Joy Ride (2001)

Regie: John Dahl | 97 minuten | actie, horror, thriller | Acteurs: Paul Walker, Steve Zahn, Leelee Sobieski, Jessica Bowman, Stuart Stone, Basil Wallace, Brian Leckner, Mary Wickliffe, McKenzie Satterthwaite, Dell Yount, Kenneth White, Louis Cortés, Michael McCLeery, Jim Beaver, Rachel Singer, Terry Leonard, Satch Huizenga, James MacDonald, Ted Levine

Een film die flopt in Amerika en in Nederland de bioscoop niet haalt, die is het kijken niet waard. Of toch wel? Na het zien van ‘Joy Ride’ moet je concluderen dat bioscoopbezoekers grillige wezens zijn. Deze actievolle road movie met horrortrekjes bevat alle ingrediënten voor een volle zaal: subtiele spanningsopbouw, charmante acteurs, intelligente dialogen, goed gedoseerde humor en karakterschetsen die voor de verandering eens de moeite waard zijn. En toch liet ‘Joy Ride’ de kassa’s niet rinkelen.
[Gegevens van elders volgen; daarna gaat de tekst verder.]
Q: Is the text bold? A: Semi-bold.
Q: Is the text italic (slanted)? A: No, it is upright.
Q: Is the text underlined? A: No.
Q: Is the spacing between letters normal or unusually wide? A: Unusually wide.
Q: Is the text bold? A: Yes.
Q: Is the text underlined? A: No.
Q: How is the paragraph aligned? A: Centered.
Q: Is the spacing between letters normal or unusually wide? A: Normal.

Jammer.

Misschien komt het omdat ‘Joy Ride’ een ouderwetse thriller is. Ouderwets in de beste zin van het woord dan. Hier geen gevleugelde gedrochten met eigen vervoer zoals in ‘Jeepers Creepers’ of inteeltmutanten à la ‘Wrong Turn’. ‘Joy Ride’ is een film in de traditie van snelwegklassiekers als ‘Duel’ en ‘The Hitcher’ en moet het hebben van herkenbare situaties. Je haalt een geintje uit en dat valt verkeerd. Heel erg verkeerd. Maar op je bakkie ben je anoniem (“Het is een soort prehistorisch internet”, meent Fuller), dus je maakt je aanvankelijk geen zorgen. Dan blijkt die enge stem op de radio te weten waar je uithangt. Oeps! Je anonimiteit ben je kwijt, maar de psychopaat die je op de hielen zit is nog steeds niet meer dan een stem. Niets is enger dan een vijand die je niet kunt zien.
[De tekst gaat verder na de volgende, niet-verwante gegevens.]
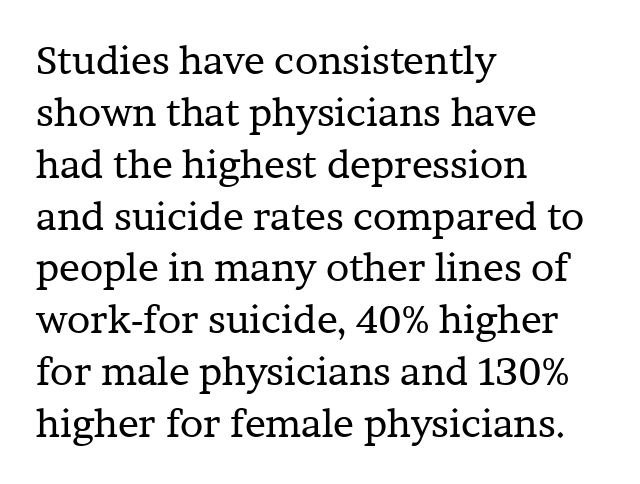
Q: Is the text bold? A: No.
Q: Is the text italic (slanted)? A: No, it is upright.
Q: Is the typeface a serif or a sans-serif typeface? A: Serif.
Q: Is the text underlined? A: No.
Q: How is the paragraph aligned? A: Left-aligned.
Q: Is the spacing between letters normal or unusually wide? A: Normal.
Q: Is the spacing between lines tight, normal or loose? A: Normal.
Q: Width (condensed, normal, or wide)? A: Normal.
Q: Stroke contrast? A: Low.
Q: x-height? A: Medium.
Q: Monospaced? A: No.

Voorwaarde voor het slagen van een concept dat steunt op suspense en niet op rondspattend bloed is dat je meeleeft met de hoofdpersonen. Daarom neemt regisseur John Dahl de tijd om de personages uit te diepen, zonder het er overigens te dik bovenop te leggen. Paul Walker overtuigt als succesvolle student Lewis, die met tegenzin zijn oudere broer op sleeptouw neemt. Lewis is dan wel het oogappeltje van de familie, maar hij weet dat hij vergeleken met de uitbundige grapjas Fuller (een geweldige rol van Steve Zahn) maar een saaie pier is. En op zijn beurt maakt Fuller zijn jongere broer regelmatig uit voor moederskindje om zijn jaloezie te maskeren. De sluimerende rivaliteit tussen de twee laait op als de mooie Venna (Leelee Sobieski) ten tonele verschijnt. Lewis is te bedeesd om spijkers met koppen te slaan en als Venna belaagd wordt in een bar is het niet hij maar Fuller die voor haar in de bres springt. En hoe! Het levert een scène op die zowel hilarisch als ontroerend is.

Dahl bouwt de spanning net zo subtiel op als zijn personages. Geluid is daarbij belangrijker dan beeld. Je hoort Rusty Nail vaker dan dat je hem ziet en daarom is hij des te dreigender. Het stemgeluid van de heetgebakerde trucker is afkomstig van acteur Ted Levine, die in ‘The Silence of the Lambs’ de rol van moordenaar Buffalo Bill vertolkte. Een goede keuze, want van Levine’s bariton gaan je nekharen overeind staan. Tegen de tijd dat Dahl alle registers opentrekt en zijn slechterik in alle hevigheid laat toeslaan zit je op het puntje van je stoel. Gelukkig weerstaat de regisseur de verleiding om aan het einde teveel details van de schim achter het stuur prijs te geven. En dat is nu eens geen voorzet voor een overbodig vervolg, maar een waardige afsluiting van een geslaagde thriller.